According to address books from the 1910s-1930s, the houses were mostly inhabited by people of the same professions as their owners. Doctors, lawyers, architects, photographers both lived and engaged in their professional activities there, arranging  their reception rooms, offices, and studios. A significant percentage of the street’s population were also school and university teachers, engineers, employees of public and private institutions, bankers.

There were some famous people among the residents of Asnyka street, in particular, Adolf Beck, a professor of medicine, a neurologist and a rector of the Lviv University (house 1, later house 4); Yevhen Olesnytskyi, a well-known Ukrainian politician (house 7); Stanisław Progulski, a Polish physician and a professor of the Lviv University (house 1), who was executed together with his son Andrzej by the Gestapo on the Vuletski hills in Lviv in 1941.
In 1908-1939, like today, apartments were often rented not only for housing. Apart from the shops located there, some private schools held classes in houses 7 and 11 for some time. The Honorary Consulate of Great Britain functioned in house 1, etc.

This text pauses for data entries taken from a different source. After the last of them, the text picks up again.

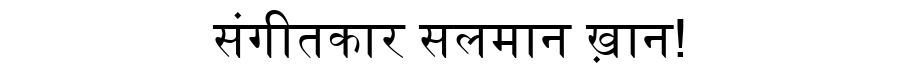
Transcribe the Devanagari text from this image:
संगीतकार सलमान ख़ान!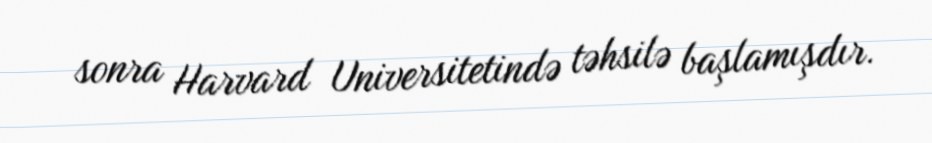
sonra Harvard Universitetində təhsilə başlamışdır.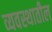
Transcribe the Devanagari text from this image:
व्यवस्थातील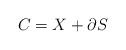
LaTeX: \begin{align*} C = X + \partial S \end{align*}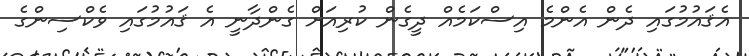
އެޤައުމުގައި ދެން އެންމެ އިސްކަމެއް ދީގެން ކުރިއަށް ގެންދާނީ އެ ޤައުމުގައި ވެކްސިންގެ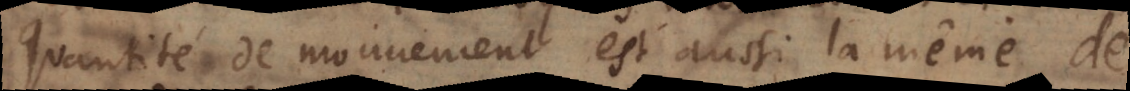
quantité de mouvement est aussi la même de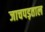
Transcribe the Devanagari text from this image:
जाचपड़ताल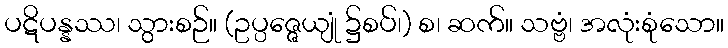
ပဋိပန္နဿ၊ သွားစဉ်။ (ဥပ္ပဇ္ဇေယျုံ ၌စပ်၊) စ၊ ဆက်။ သဗ္ဗံ၊ အလုံးစုံသော။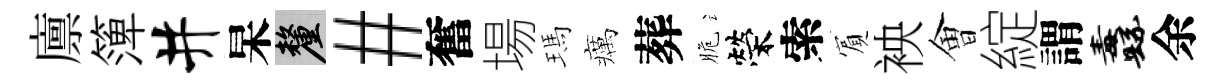
廪𥱼井杲厘#奮場瑪癘葬脆榮索賔䘧㑹綻謂纛余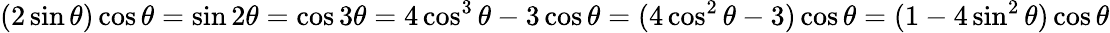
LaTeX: (2\sin\theta)\cos\theta=\sin 2\theta=\cos 3\theta=4\cos^{3}\theta-3\cos\theta=(4\cos^{2}\theta-3)\cos\theta=(1-4\sin^{2}\theta)\cos\theta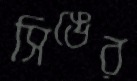
সিঙের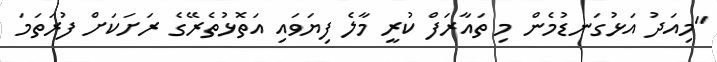
"މިއަދު އަޅުގަނޑުމެން މި ތައާރަފް ކުރީ މާލެ ފިޔަވައި އަތޮޅުތެރޭގެ ރަށަކަށް ފުރަތަމަ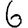
Digit: 6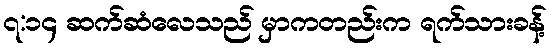
၇:၁၄ ဆက်ဆံလေသည် မှာကတည်းက ရက်သားခန့်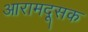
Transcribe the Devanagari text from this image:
आरामदूसक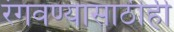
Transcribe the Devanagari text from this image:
रंगवण्यासाठीही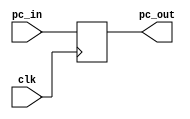
module PC (pc_in, clk, pc_out);
input [31:0] pc_in;
input clk;
output reg [31:0] pc_out;

initial begin
	#0 pc_out = 32'h0040_0000 - 4;
	end

always @(posedge clk) begin
	pc_out = pc_in;
	end

endmodule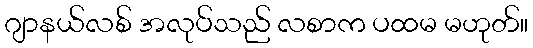
ဂျာနယ်လစ် အလုပ်သည် လစာက ပထမ မဟုတ်။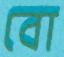
বো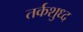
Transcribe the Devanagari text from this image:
तर्कशुध्द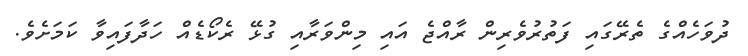
ދުވަހެއްގެ ތެރޭގައި ފަތުރުވެރިން ރާއްޖެ އައި މިންވަރާއި ގުޅޭ ރެކޯޑެއް ހަދާފައިވާ ކަމަށެވެ.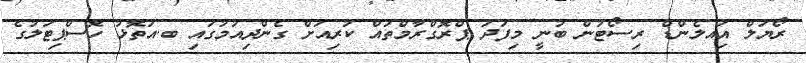
ރޯޔަލް އަިއލެންޑް ރިސޯޓުން ބުނީ މިފަދަ ޕްރޮގްރާމްތައް ކުރިއަށް ގެންދިއުމުގައި ބ.އަތޮޅު ހޮސްޕިޓަލުގެ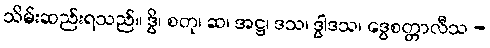
သိမ်းဆည်းရသည်။ ဒွိ၊ စတု၊ ဆ၊ အဋ္ဌ၊ ဒသ၊ ဒွါဒသ၊ ဒွေစတ္တာလီသ -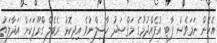
އެހެން ނަމަވެސް ޕާޓީ އުފެއްދުމުގެ މަޤްޞަދު ހާސިލްނުވެ އިދިކޮޅު ރެބެލް ގްރޫޕަކަށް އަދާލަތު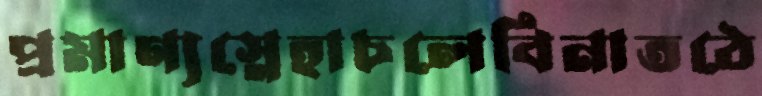
প্রমাণ্যস্নেহাচলেবিনাতঠে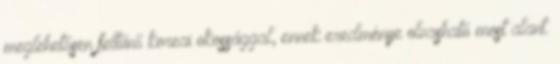
meglehetősen feltűnő koreai okossággal, ennek eredménye olvasható most alant.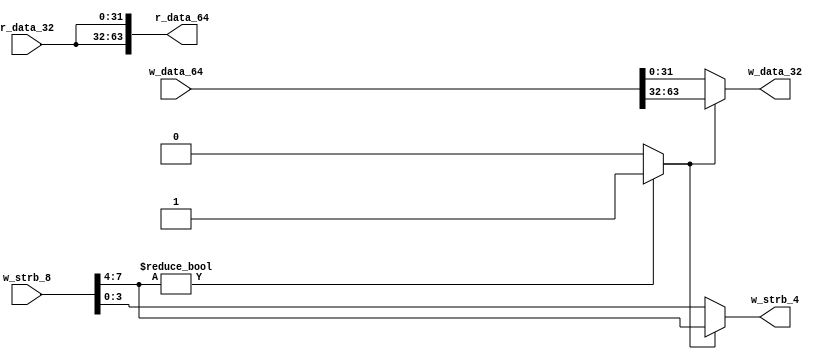
// NARROWER is used to tackle with data transmit from 64bit m-axi to 32bit s-axi
// neutrino 2019
// but i suppose the "nasti_lite_bridge" IP can tackle with it independently, gonna elimit it in the future version

module narrower(
	input [63:0] w_data_64,
	input [7:0] w_strb_8,
	output[63:0] r_data_64,

	output[31:0] w_data_32,
	output[3:0] w_strb_4,
	input [31:0] r_data_32
	);
	
	wire which_side_valid; 
	// generally the low 32 bits should be valid, but sometimes it changes 
	// so here : 1 means highvalid; 0 means lowvalid 
	assign which_side_valid = w_strb_8[7:4] ? 1:0 ;

	assign w_data_32 = which_side_valid ? w_data_64[63:32] : w_data_64[31:0] ;
	assign w_strb_4 = which_side_valid ? w_strb_8[7:4] : w_strb_8[3:0] ;
	assign r_data_64 = {r_data_32, r_data_32} ;
endmodule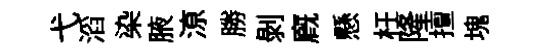
弋滔染腋鿌勝剝廐懸枉隆擅塊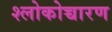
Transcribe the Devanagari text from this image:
श्लोकोच्चारण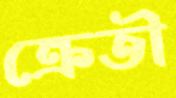
ক্রেতী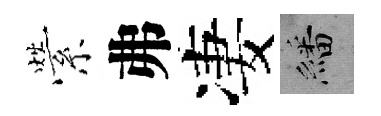
縈弗凄繙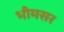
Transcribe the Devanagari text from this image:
भीमसर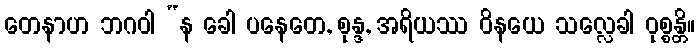
တေနာဟ ဘဂဝါ “န ခေါ ပနေတေ, စုန္ဒ, အရိယဿ ဝိနယေ သလ္လေခါ ဝုစ္စန္တိ။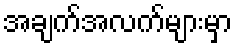
အချက်အလက်များမှာ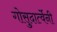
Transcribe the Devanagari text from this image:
गोसुदार्त्वेनी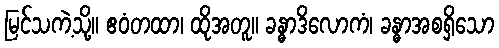
မြင်သကဲ့သို့။ ဧဝံတထာ၊ ထိုအတူ။ ခန္ဓာဒိလောကံ၊ ခန္ဓာအစရှိသော
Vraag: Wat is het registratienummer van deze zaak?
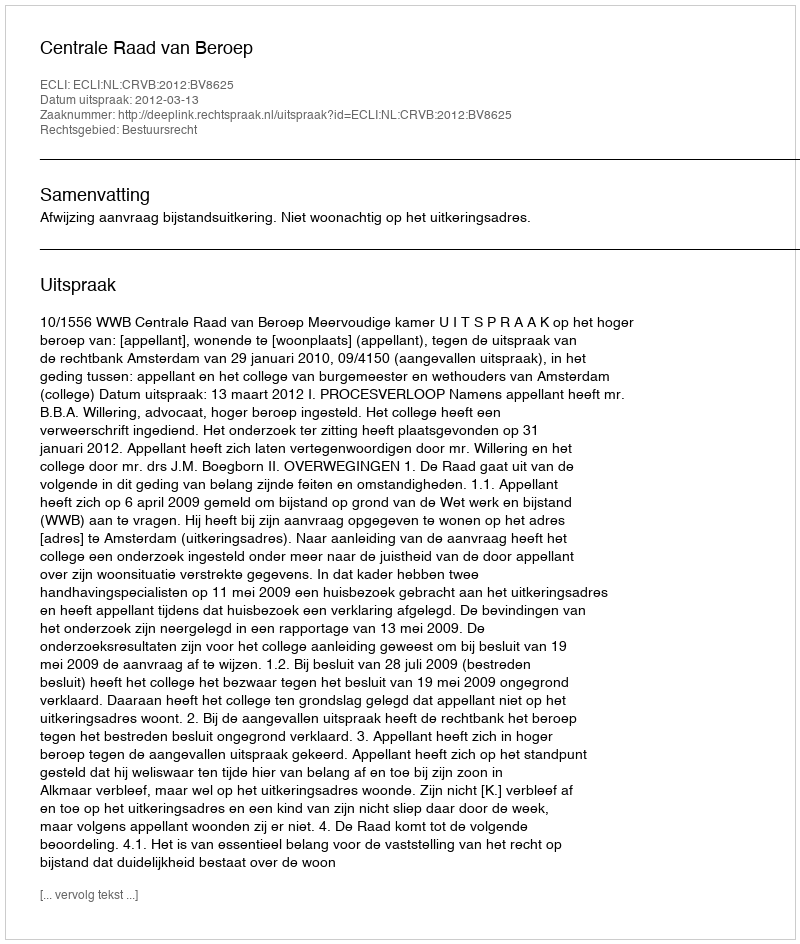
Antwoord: http://deeplink.rechtspraak.nl/uitspraak?id=ECLI:NL:CRVB:2012:BV8625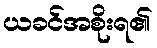
ယခင်အစိုးရ၏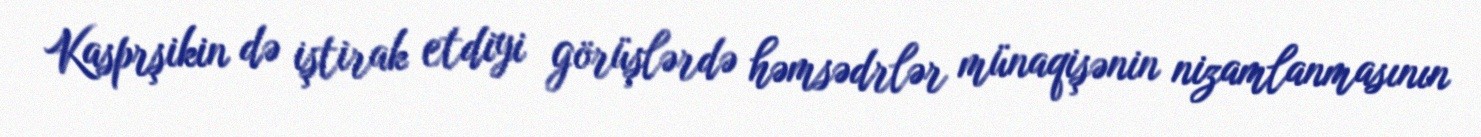
Kasprşikin də iştirak etdiyi görüşlərdə həmsədrlər münaqişənin nizamlanmasının

After the Second World War the population of Asnyka street as well as that of the whole city or country, changed significantly. At first the street kept its old name, but later it was renamed Akademika Bohomoltsia. Mostly military and their families who moved to the city from other parts of Ukraine or the USSR settled on this street after the war. Only a few representatives of the previous population remained and could tell about the pre-war life in the city. Today the street’s population is very diverse. In addition to apartments, various institutions and organizations are located in the houses, including the Center for Urban History, the Municipal Development and Renewal of the Old City of Lviv (GIZ Lviv), and other offices in house 6. The Lviv city prosecutor’s office is located in house 9. The honorary consulates of Canada and Mexico are located in houses 2 and 15 respectively; the Maltese Aid occupies some premises in house 8, and so on.